Babys sollen auf dem Beissring des US-Herstellers Baby Einstein herumkauen, um ihre Muskeln zu trainieren und Zahnfleischschmerzen zu lindern. So steht es auf der Internetseite von Galaxus.ch. Der Händler verkauft die Zahnungshilfe für Fr. 17.80. Doch die Webseite enthält keine Warnung davor, dass ein Baby beim Herumkauen gleich zwei heikle Chemikalien namens Bisphenol A und AF aufnimmt.
Bisphenole stören das Hormonsystem
Dass dem so ist, zeigten Tests des Dänischen Konsumentenrats Think und von weiteren Konsumentenschutzorganisationen aus Belgien, Frankreich, Italien, Österreich, der Slowakei und Tschechien. Das Problem: Bisphenole stören das Hormonsystem und können die Fortpflanzungsfähigkeit schädigen.
Der bekannteste Stoff der Gruppe, Bisphenol A, beeinträchtigt auch die Hirnentwicklung von Babys und Kleinkindern. Sie können später Lernschwierigkeiten, Hyperaktivität, Fettleibigkeit, Brust- oder Prostatakrebs entwickeln. Die EU-Chemikalienagentur Echa stuft Bisphenol A deshalb als «sehr bedenklichen Stoff» ein.
Auch viele andere Produkte für Kinder sind mit Bisphenolen belastet, wie die Tests zeigen. Untersucht wurden 121 Babykleider, Lederschuhe, Sonnenbrillen, Flaschen und Zahnungshilfen für Kinder. Die Labors ermittelten, ob Bisphenole sich aus den Materialien herauslösen, wenn sie mit Speichel in Berührung kommen.
Das Ergebnis: Bei 72 Produkten war das der Fall. Heikel ist das vor allem bei Produkten, die Babys oder Kleinkinder in den Mund nehmen, wie etwa Beissringe oder Trinkflaschen (siehe Tabelle).
Der Flaschenhersteller Sigg verweist darauf, dass seine Trinkflasche «Bella Unicorn» nicht für Babys und Kleinkinder konzipiert sei. Und Ikea Schweiz erklärt, man untersuche aktuell den Fall der Börja-Flasche.
Bisphenol A ist in der Schweiz seit 2017 in Säuglingsflaschen, seit 2019 in Beschichtungen von Lebensmittelbehältern für Kleinkinder und seit Dezember 2020 in Kassenzetteln verboten. In Spielsachen wie Beissringen darf der Stoff dagegen noch immer in kleinen Mengen vorkommen.
Ausweichstoffe sind ebenfalls gefährlich
Viele Hersteller weichen auf andere Bisphenole aus, sagt Joëlle Rüegg, Professorin für Umwelttoxikologie an der schwedischen Universität Uppsala. Dazu gehören die in Tests gefundenen Bisphenole AF, BP, G und M. Für sie gibt es keine Beschränkungen zum Gebrauch und nur wenige Studien zur Giftigkeit.
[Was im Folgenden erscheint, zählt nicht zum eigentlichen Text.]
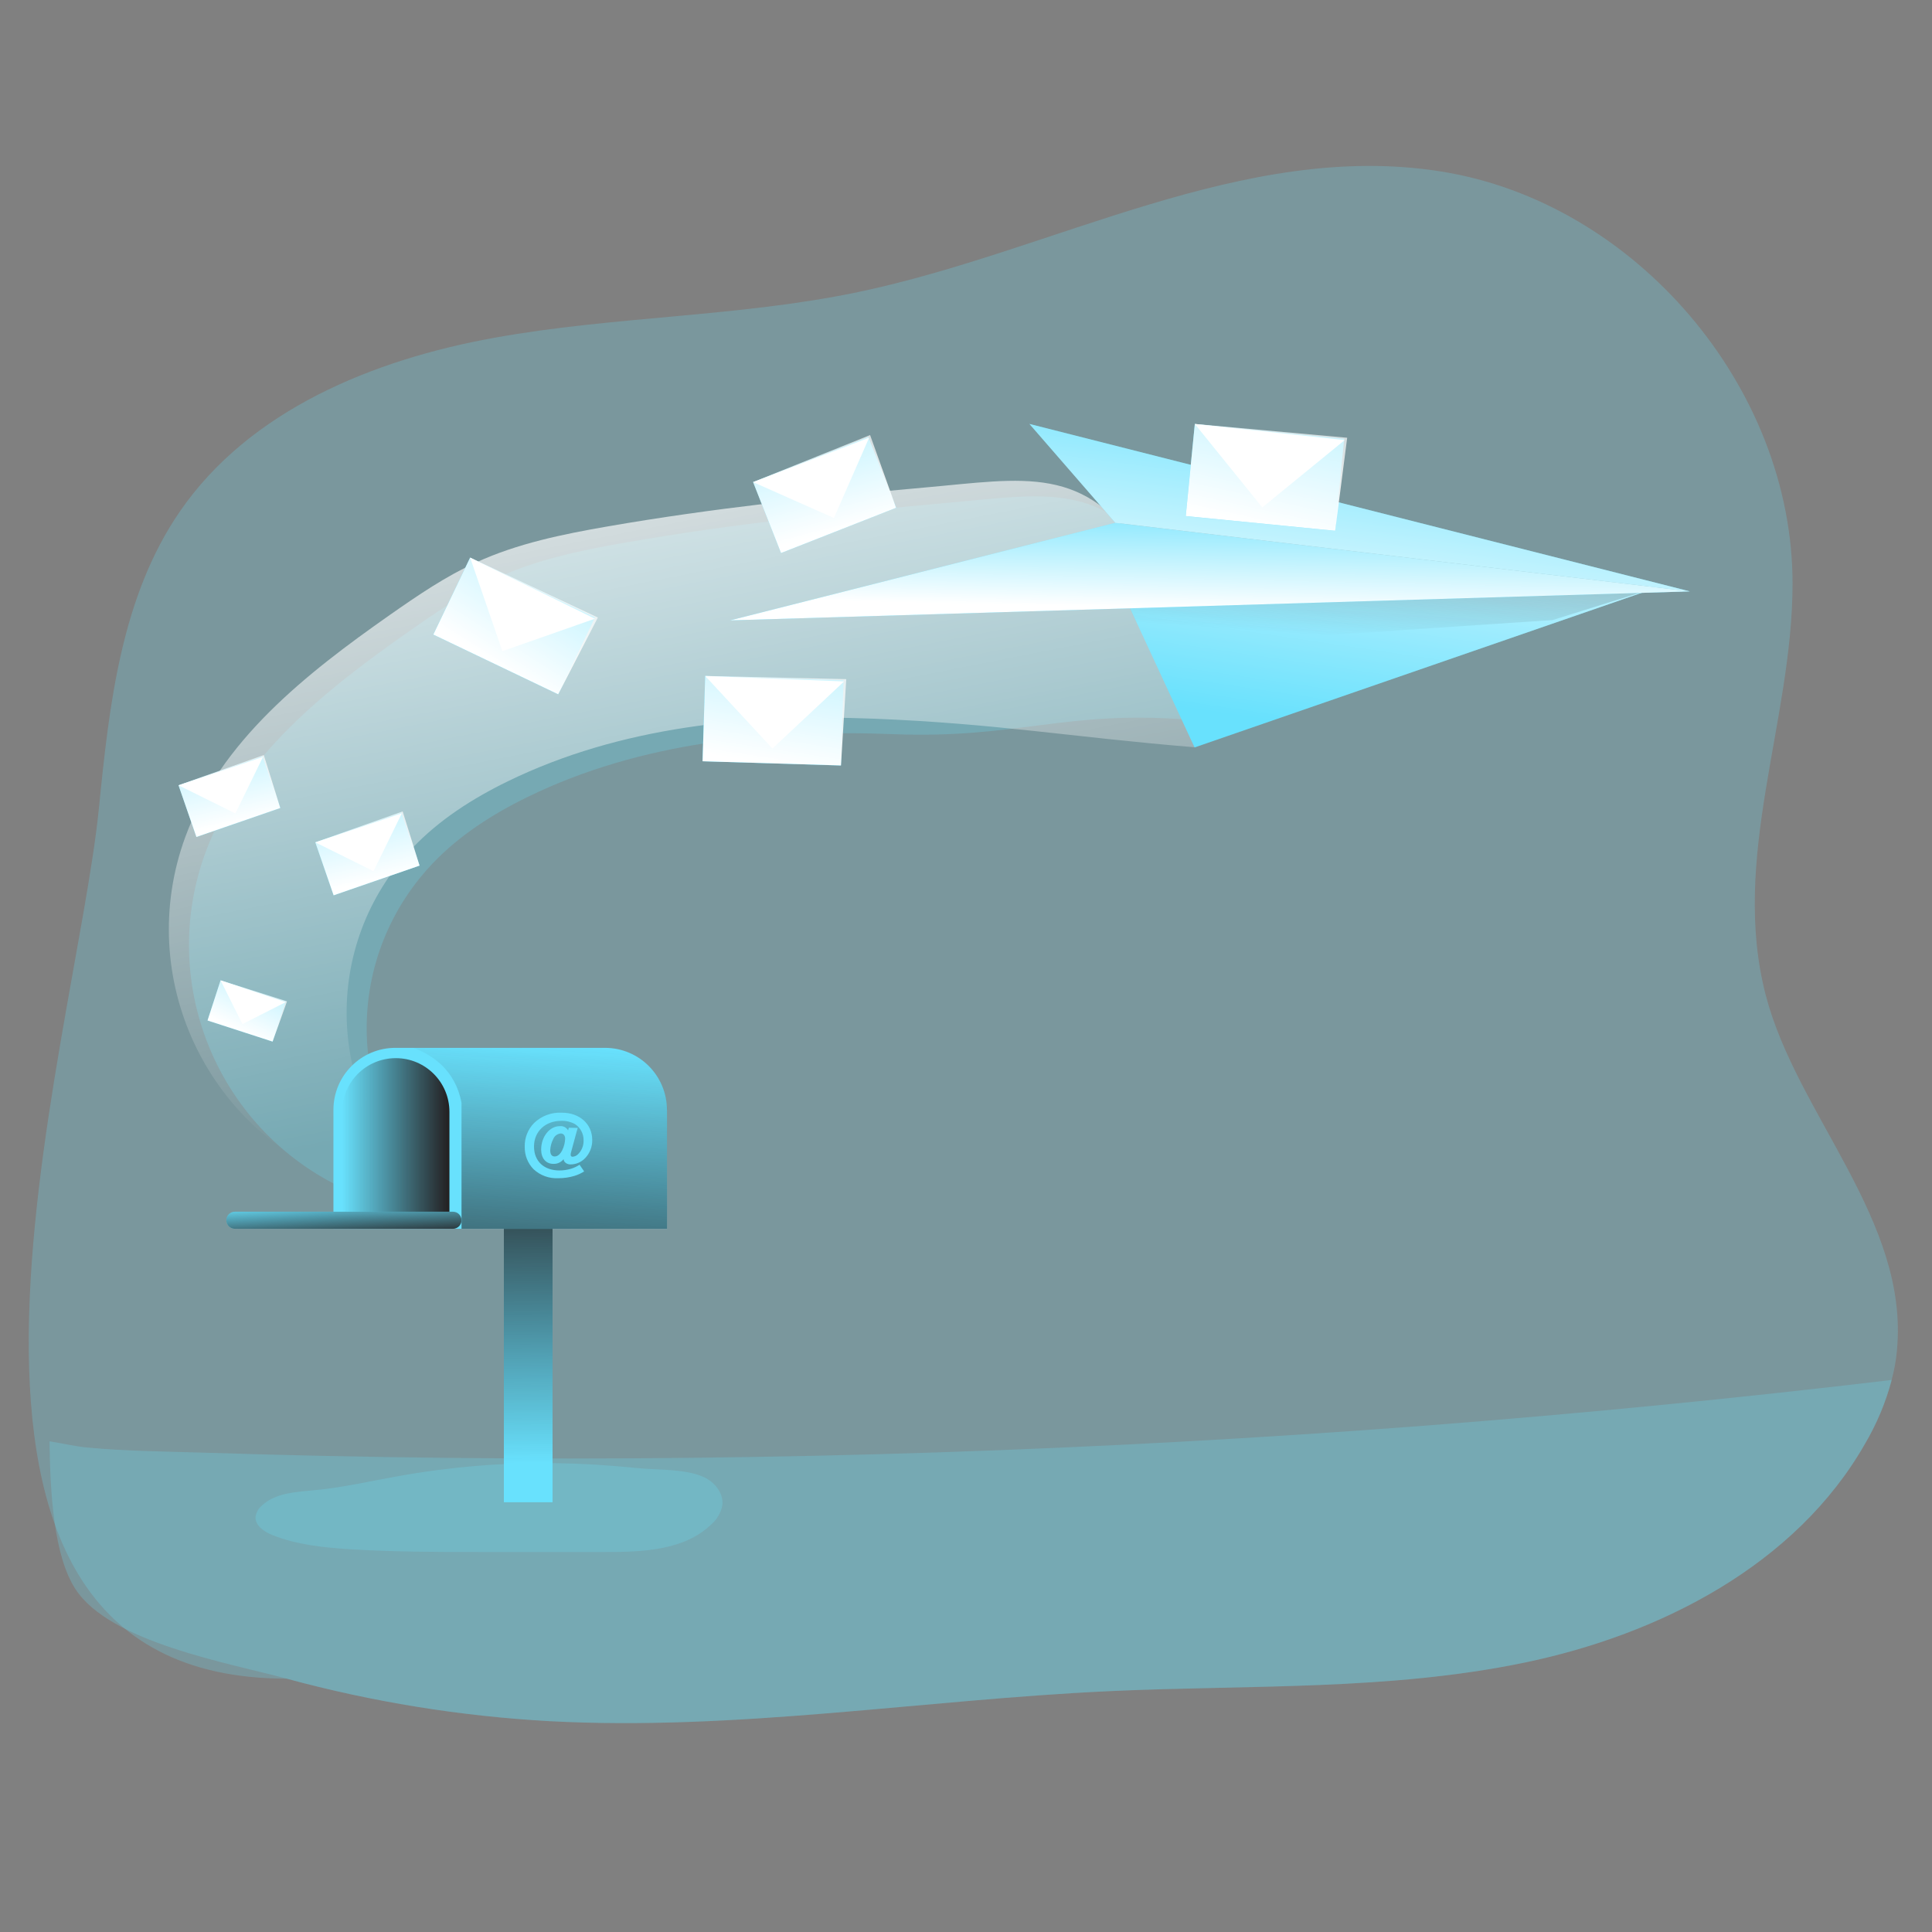 <?xml version="1.0" encoding="UTF-8"?><svg id="_0299_sent_messages_2" xmlns="http://www.w3.org/2000/svg" xmlns:xlink="http://www.w3.org/1999/xlink" viewBox="0 0 500 500"><rect x="0" y="0" width="500" height="500" fill="#808080" stroke="none"/><defs><style>.cls-1{fill:url(#linear-gradient);}.cls-1,.cls-2,.cls-3,.cls-4,.cls-5,.cls-6,.cls-7,.cls-8,.cls-9,.cls-10,.cls-11,.cls-12,.cls-13,.cls-14,.cls-15,.cls-16,.cls-17,.cls-18,.cls-19,.cls-20,.cls-21,.cls-22,.cls-23,.cls-24,.cls-25{stroke-width:0px;}.cls-2{fill:url(#linear-gradient-11);}.cls-3{fill:url(#linear-gradient-12);}.cls-4{fill:url(#linear-gradient-13);}.cls-5{fill:url(#linear-gradient-10);}.cls-6{fill:url(#linear-gradient-17);}.cls-7{fill:url(#linear-gradient-16);}.cls-8{fill:url(#linear-gradient-19);}.cls-9{fill:url(#linear-gradient-15);}.cls-10{fill:url(#linear-gradient-23);}.cls-11{fill:url(#linear-gradient-21);}.cls-12{fill:url(#linear-gradient-18);}.cls-13{fill:url(#linear-gradient-14);}.cls-14{fill:url(#linear-gradient-22);}.cls-15{fill:url(#linear-gradient-20);}.cls-16{fill:url(#linear-gradient-4);}.cls-17{fill:url(#linear-gradient-2);}.cls-18{fill:url(#linear-gradient-3);}.cls-19{fill:url(#linear-gradient-8);}.cls-20{fill:url(#linear-gradient-9);}.cls-21{fill:url(#linear-gradient-7);}.cls-22{fill:url(#linear-gradient-5);}.cls-23{fill:url(#linear-gradient-6);}.cls-24{isolation:isolate;opacity:.24;}.cls-24,.cls-25{fill:#68e1fd;}</style><linearGradient id="linear-gradient" x1="-641.94" y1="1522.22" x2="-686.05" y2="1746.26" gradientTransform="translate(829.39 1798.53) scale(1 -1)" gradientUnits="userSpaceOnUse"><stop offset="0" stop-color="#fff" stop-opacity="0"/><stop offset=".95" stop-color="#fff"/></linearGradient><linearGradient id="linear-gradient-2" x1="-494.36" y1="1613.48" x2="-480.86" y2="1704.88" gradientTransform="translate(849 1803.66) scale(1 -1)" xlink:href="#linear-gradient"/><linearGradient id="linear-gradient-3" x1="-489.75" y1="1637.97" x2="-483.65" y2="1724.45" gradientTransform="translate(849 1803.66) scale(1 -1)" gradientUnits="userSpaceOnUse"><stop offset="0" stop-color="#231f20" stop-opacity="0"/><stop offset="1" stop-color="#231f20"/></linearGradient><linearGradient id="linear-gradient-4" x1="-493.2" y1="1701.87" x2="-502.78" y2="1629.61" gradientTransform="translate(849 1803.66) scale(1 -1)" xlink:href="#linear-gradient"/><linearGradient id="linear-gradient-5" x1="-850.06" y1="1526.09" x2="-851.22" y2="1447.15" gradientTransform="translate(848.59 1749) rotate(7.66) scale(1 -1)" xlink:href="#linear-gradient"/><linearGradient id="linear-gradient-6" x1="561.75" y1="2852.33" x2="560.58" y2="2773.4" gradientTransform="translate(651.41 1538.62) rotate(-40.37) scale(1 -1)" xlink:href="#linear-gradient"/><linearGradient id="linear-gradient-7" x1="-1464.31" y1="925.78" x2="-1465.47" y2="846.85" gradientTransform="translate(932.9 1661.98) rotate(31.47) scale(1 -1)" xlink:href="#linear-gradient"/><linearGradient id="linear-gradient-8" x1="-295.64" y1="2907.47" x2="-296.8" y2="2828.53" gradientTransform="translate(837.31 1389.93) rotate(-16.55) scale(1 -1)" xlink:href="#linear-gradient"/><linearGradient id="linear-gradient-9" x1="-317.62" y1="1783.75" x2="-318.38" y2="1731.91" gradientTransform="translate(801.78 1844.38) rotate(-13.17) scale(1 -1)" xlink:href="#linear-gradient"/><linearGradient id="linear-gradient-10" x1="1115.62" y1="2118.16" x2="1114.86" y2="2066.32" gradientTransform="translate(542.62 1717.96) rotate(-61.19) scale(1 -1)" xlink:href="#linear-gradient"/><linearGradient id="linear-gradient-11" x1="-349.03" y1="1805.34" x2="-349.77" y2="1754.72" gradientTransform="translate(801.78 1844.38) rotate(-13.17) scale(1 -1)" xlink:href="#linear-gradient"/><linearGradient id="linear-gradient-12" x1="1110.77" y1="2133.06" x2="1110.03" y2="2082.44" gradientTransform="translate(542.62 1717.96) rotate(-61.19) scale(1 -1)" xlink:href="#linear-gradient"/><linearGradient id="linear-gradient-13" x1="-1358.11" y1="1000.98" x2="-1358.69" y2="961.97" gradientTransform="translate(912.92 1698.45) rotate(23.91) scale(1 -1)" xlink:href="#linear-gradient"/><linearGradient id="linear-gradient-14" x1="-159.28" y1="2126.13" x2="-159.86" y2="2087.13" gradientTransform="translate(782.37 1441.34) rotate(-24.11) scale(1 -1)" xlink:href="#linear-gradient"/><linearGradient id="linear-gradient-15" x1="-110.05" y1="1894.7" x2="-111.09" y2="1824.18" gradientTransform="translate(813.14 1868.49) rotate(-15.56) scale(1 -1)" xlink:href="#linear-gradient"/><linearGradient id="linear-gradient-16" x1="1332.45" y1="2390.37" x2="1331.41" y2="2319.85" gradientTransform="translate(548.92 1752.99) rotate(-63.58) scale(1 -1)" xlink:href="#linear-gradient"/><linearGradient id="linear-gradient-17" x1="-840.55" y1="1519.98" x2="-841.81" y2="1434.37" gradientTransform="translate(862 1713.46) rotate(11.53) scale(1 -1)" xlink:href="#linear-gradient"/><linearGradient id="linear-gradient-18" x1="562" y1="2967.21" x2="560.74" y2="2881.6" gradientTransform="translate(679.55 1490.1) rotate(-36.5) scale(1 -1)" xlink:href="#linear-gradient"/><linearGradient id="linear-gradient-19" x1="-535.19" y1="1676.92" x2="-536.93" y2="1597.7" gradientTransform="translate(849 1803.66) scale(1 -1)" gradientUnits="userSpaceOnUse"><stop offset="0" stop-color="#fff" stop-opacity="0"/><stop offset=".39" stop-color="#fff"/></linearGradient><linearGradient id="linear-gradient-20" x1="-711.98" y1="1425.04" x2="-712.92" y2="1507.9" xlink:href="#linear-gradient-3"/><linearGradient id="linear-gradient-21" x1="-760.46" y1="1507.81" x2="-732.65" y2="1507.81" xlink:href="#linear-gradient-3"/><linearGradient id="linear-gradient-22" x1="-688.19" y1="1528.05" x2="-693.24" y2="1442.38" gradientTransform="translate(829.39 1798.53) scale(1 -1)" xlink:href="#linear-gradient-3"/><linearGradient id="linear-gradient-23" x1="-760.3" y1="1493.15" x2="-759.67" y2="1482.44" xlink:href="#linear-gradient-3"/></defs><g id="background"><path class="cls-24" d="M490.94,349.41c-.24,2.61-.7,5.2-1.39,7.73-1.55,5.85-3.91,11.45-6.99,16.66-17.84,31.14-52.76,49.14-87.93,56.46-35.17,7.32-71.46,5.75-107.36,7.4-48.4,2.22-96.72,10.38-145.17,7.77-22.97-1.28-45.74-4.97-67.94-11-107.01,0-54.7-163.43-48.55-225.38,2.66-26.69,5.76-54.67,20.99-76.75,18.02-26.16,49.92-39.19,81.14-44.85,31.22-5.66,63.33-5.38,94.41-11.88,50.71-10.64,99.74-39.36,150.87-31.18,50.19,8.02,90.92,55.82,90.89,106.63,0,35.67-16.19,71.14-6.9,106.66,8.08,30.86,37.07,58.18,33.92,91.73Z"/><path class="cls-24" d="M489.59,357.14c-1.55,5.85-3.91,11.45-6.99,16.66-17.84,31.14-52.76,49.14-87.93,56.46-35.17,7.32-71.46,5.75-107.36,7.4-48.43,2.22-96.76,10.38-145.21,7.77-22.97-1.28-45.74-4.97-67.94-11-14.87-4.05-45.61-9.34-54.61-23.14-5.63-8.6-6.55-24.71-6.74-38.28,3.37.53,6.7,1.32,9.64,1.6,9.96.93,20.04,1.03,30.03,1.33,21.15.68,42.31,1.14,63.48,1.36,84.29.89,168.52-1.88,252.68-8.33,40.39-3.11,80.71-7.06,120.94-11.84Z"/><path class="cls-24" d="M103.33,381.97c-7.34,1.31-14.61,3.01-22.03,3.7-4.81.46-10.13.7-13.61,4.05-.83.71-1.38,1.7-1.55,2.78-.19,2.31,2.22,3.93,4.39,4.79,6.32,2.5,13.18,3.21,19.96,3.65,11.03.69,22.1.71,33.17.72h32.95c9.74,0,20.53-.4,27.5-7.18,1.47-1.27,2.47-3,2.83-4.91.39-3.09-1.96-6.01-4.8-7.3-4.91-2.24-12.27-1.78-17.59-2.37-7-.72-14.01-1.14-21.02-1.24-13.47-.16-26.93.95-40.2,3.32Z"/></g><g id="sent_mesages"><path class="cls-24" d="M162.41,140.31c-11.56,2.01-23.19,4.38-33.86,9.26-7.99,3.64-15.27,8.62-22.46,13.65-21.68,15.19-43.84,32.62-52.94,57.48-13.19,36.11,5.4,76.08,41.51,89.26,7.41,2.71,15.23,4.13,23.12,4.22-26.54-21.54-30.59-60.52-9.04-87.06,1.02-1.26,2.09-2.47,3.2-3.64,6.96-7.32,15.62-12.84,24.7-17.27,29.03-14.16,62.24-17.47,94.52-16.21,32.27,1.27,44.61-6.37,76.82-3.7-7.19-17.9,3.64-21.96-6.59-38.33-15.03-24.06-31.25-20.01-56.89-17.77-27.47,2.49-54.92,5.4-82.09,10.12Z"/><path class="cls-1" d="M157.18,136.25c-11.56,2.01-23.19,4.38-33.86,9.26-7.98,3.64-15.27,8.62-22.45,13.65-21.68,15.2-43.84,32.63-52.93,57.49-13.19,36.11,5.4,76.08,41.51,89.26,7.41,2.7,15.22,4.13,23.11,4.22-26.52-21.55-30.55-60.53-9-87.05,1.01-1.24,2.07-2.45,3.17-3.61,6.95-7.32,15.61-12.84,24.69-17.27,29.03-14.16,62.25-17.47,94.53-16.21,32.27,1.27,51.02,4.76,83.2,7.4-7.19-17.9-2.78-33.09-12.96-49.45-15.03-24.06-31.24-20.01-56.88-17.77-27.51,2.45-54.95,5.36-82.12,10.08Z"/><polygon class="cls-25" points="429.6 151.78 309.15 193.44 290.73 153.7 429.6 151.78"/><polygon class="cls-17" points="429.6 151.78 309.15 193.44 290.73 153.7 429.6 151.78"/><polygon class="cls-18" points="296.87 167.45 401.78 160.48 429.6 151.78 290.73 153.7 296.87 167.45"/><polygon class="cls-25" points="266.41 109.71 437.34 153.05 288.65 135.3 266.41 109.71"/><polygon class="cls-25" points="188.97 160.55 288.65 135.3 437.34 153.05 188.97 160.55"/><polygon class="cls-16" points="266.41 109.71 437.34 153.05 288.65 135.3 266.41 109.71"/><rect class="cls-25" x="189.02" y="168.61" width="22.08" height="35.83" transform="translate(7.51 380.8) rotate(-88.25)"/><polygon class="cls-22" points="217.64 198.1 181.83 197.01 182.5 174.94 219.01 175.76 217.64 198.1"/><polygon class="cls-23" points="182.5 174.94 199.91 193.72 218.44 176.36 182.5 174.94"/><rect class="cls-25" x="122.02" y="144.08" width="22.08" height="35.83" transform="translate(-70.49 212.15) rotate(-64.44)"/><polygon class="cls-21" points="144.46 179.69 112.14 164.23 121.67 144.31 154.73 159.81 144.46 179.69"/><polygon class="cls-19" points="121.67 144.31 130.01 168.52 153.96 160.12 121.67 144.31"/><rect class="cls-25" x="83.33" y="213.75" width="23.53" height="14.5" transform="translate(-67.02 43.23) rotate(-19.08)"/><polygon class="cls-20" points="108.58 224.02 86.34 231.71 81.6 218 104.21 209.99 108.58 224.02"/><polygon class="cls-5" points="81.6 218 96.67 225.46 103.99 210.49 81.6 218"/><rect class="cls-25" x="47.89" y="199.08" width="22.98" height="14.16" transform="translate(-64.13 30.74) rotate(-19.08)"/><polygon class="cls-2" points="72.54 209.11 50.83 216.61 46.2 203.23 68.27 195.4 72.54 209.11"/><polygon class="cls-3" points="46.2 203.23 60.92 210.52 68.06 195.89 46.2 203.23"/><rect class="cls-25" x="58.37" y="252.78" width="10.91" height="17.71" transform="translate(-204.73 241.49) rotate(-72)"/><polygon class="cls-4" points="70.54 269.56 53.71 264.1 57.08 253.71 74.28 259.15 70.54 269.56"/><polygon class="cls-13" points="57.08 253.71 62.74 265.03 73.93 259.36 57.08 253.71"/><rect class="cls-25" x="197.41" y="118.22" width="32.02" height="19.73" transform="translate(-32.07 87) rotate(-21.47)"/><polygon class="cls-9" points="231.92 131.42 202.13 143.13 194.9 124.77 225.18 112.59 231.92 131.42"/><polygon class="cls-7" points="194.9 124.77 215.82 134.06 224.92 113.29 194.9 124.77"/><rect class="cls-25" x="315.39" y="104.13" width="23.95" height="38.85" transform="translate(172.35 437.25) rotate(-84.38)"/><polygon class="cls-6" points="345.54 137.37 306.87 133.56 309.22 109.72 348.65 113.29 345.54 137.37"/><polygon class="cls-12" points="309.22 109.72 326.68 131.32 348 113.9 309.22 109.72"/><polygon class="cls-8" points="188.97 160.55 288.65 135.3 437.34 153.05 188.97 160.55"/></g><g id="inbox"><rect class="cls-25" x="130.4" y="311.07" width="12.6" height="77.71"/><rect class="cls-15" x="130.4" y="311.07" width="12.6" height="77.71"/><path class="cls-25" d="M172.62,287.22v30.79h-86.33v-30.79c0-8.86,7.19-16.05,16.06-16.04,0,0,0,0,0,0h54.2c8.86,0,16.05,7.18,16.06,16.04Z"/><path class="cls-11" d="M102.43,273.85h0c7.67,0,13.88,6.22,13.88,13.88v30.1h-27.77v-30.08c-.01-7.67,6.2-13.89,13.86-13.9,0,0,.01,0,.02,0Z"/><path class="cls-14" d="M172.63,287.22v30.78h-53.19v-32.59c-1.59-8.52-7.59-12.43-12.51-14.24h49.64c8.87,0,16.06,7.17,16.07,16.04Z"/><path class="cls-25" d="M60.79,313.59h56.44c1.22,0,2.21.99,2.21,2.21h0c0,1.22-.99,2.21-2.21,2.21h-56.44c-1.22,0-2.21-.99-2.21-2.21h0c0-1.22.99-2.21,2.21-2.21Z"/><path class="cls-10" d="M60.79,313.59h56.44c1.22,0,2.21.99,2.21,2.21h0c0,1.22-.99,2.21-2.21,2.21h-56.44c-1.22,0-2.21-.99-2.21-2.21h0c0-1.22.99-2.21,2.21-2.21Z"/><path class="cls-25" d="M149.52,291.89c-.12.4-.47,1.59-.57,2.03l-1.18,4.36c-.06.19-.09.39-.08.59-.02.25.16.47.41.49.04,0,.07,0,.11,0,.45-.04.88-.22,1.23-.51,1.05-.94,1.63-2.29,1.59-3.7.04-1.72-.81-3.33-2.26-4.26-1.08-.58-2.29-.86-3.52-.82-4.15,0-7.05,2.78-7.05,6.64s2.62,6.2,6.58,6.2c1.02,0,2.03-.15,3.01-.44.78-.24,1.52-.59,2.2-1.04l1.19,1.73c-.76.49-1.59.87-2.45,1.14-1.35.41-2.75.62-4.17.62-2.39.14-4.73-.7-6.48-2.33-1.51-1.55-2.33-3.65-2.28-5.81-.06-2.28.8-4.49,2.4-6.13,1.93-1.86,4.55-2.84,7.23-2.69,4.58,0,7.84,2.94,7.84,7.05.04,1.76-.63,3.46-1.85,4.73-.97,1.01-2.3,1.59-3.7,1.61-.66.04-1.29-.24-1.68-.77-.11-.18-.17-.39-.18-.6-.63.81-1.61,1.27-2.64,1.23-1.94,0-3.17-1.45-3.17-3.7,0-3.31,2.18-6.06,4.79-6.06.89-.12,1.75.32,2.18,1.1l.19-.69,2.3.04ZM145.48,297.73c.47-.94.74-1.97.78-3.03,0-.81-.44-1.36-1.14-1.36-.86.07-1.6.62-1.93,1.42-.48.91-.75,1.92-.79,2.94,0,1.05.4,1.59,1.15,1.59s1.41-.56,1.93-1.56Z"/></g></svg>

Ungefährlich sind auch diese Bisphenole nicht: So zeigten Rüegg und andere Forscher in einer Studie von 2021, dass siebenjährige Buben aus Schweden, die als Embryos Bisphenol F ausgesetzt waren, tiefere Intelligenzquotienten hatten als gleichaltrige Kinder. Für Rüegg ist klar: Die meisten Bisphenole ähneln chemisch und in der biologischen Wirkung dem Hormongift Bisphenol A.
Kinder sind der Chemikalie trotzdem weiterhin ausgesetzt: Forscher der Universität Lausanne untersuchten im Jahr 2020 den Urin von 109 Kindern im Alter von 6 bis 36 Monaten. Resultat: In fast jeder zweiten Probe befanden sich Rückstände verschiedener Bisphenole.
Gemäss dem Bundesamt für Lebensmittelsicherheit nehmen Kinder die Stoffe über das Essen und Trinken auf, über Hausstaub sowie über den Mundkontakt mit Spielzeugen.
Bereits kleinste Mengen schädlich
Die EU-Lebensmittelbehörde Efsa schlug im April vor, den Grenzwert für die tägliche Aufnahmemenge von Bisphenol A um den Faktor 20 000 zu senken. Rüegg fordert sogar, alle Bisphenole in Kinderprodukten zu verbieten: «Es steht fest, dass Bisphenole schädlich für die Entwicklung sind. Die Behörden müssen gerade Kinder endlich vor den Gefahren schützen.»
Das Bundesamt für Lebensmittelsicherheit wartet jedoch lieber ab. Eine Sprecherin erklärt dem K-Tipp, man prüfe «eine Regelung für die Schweiz», wenn die EU den Einsatz beschränke.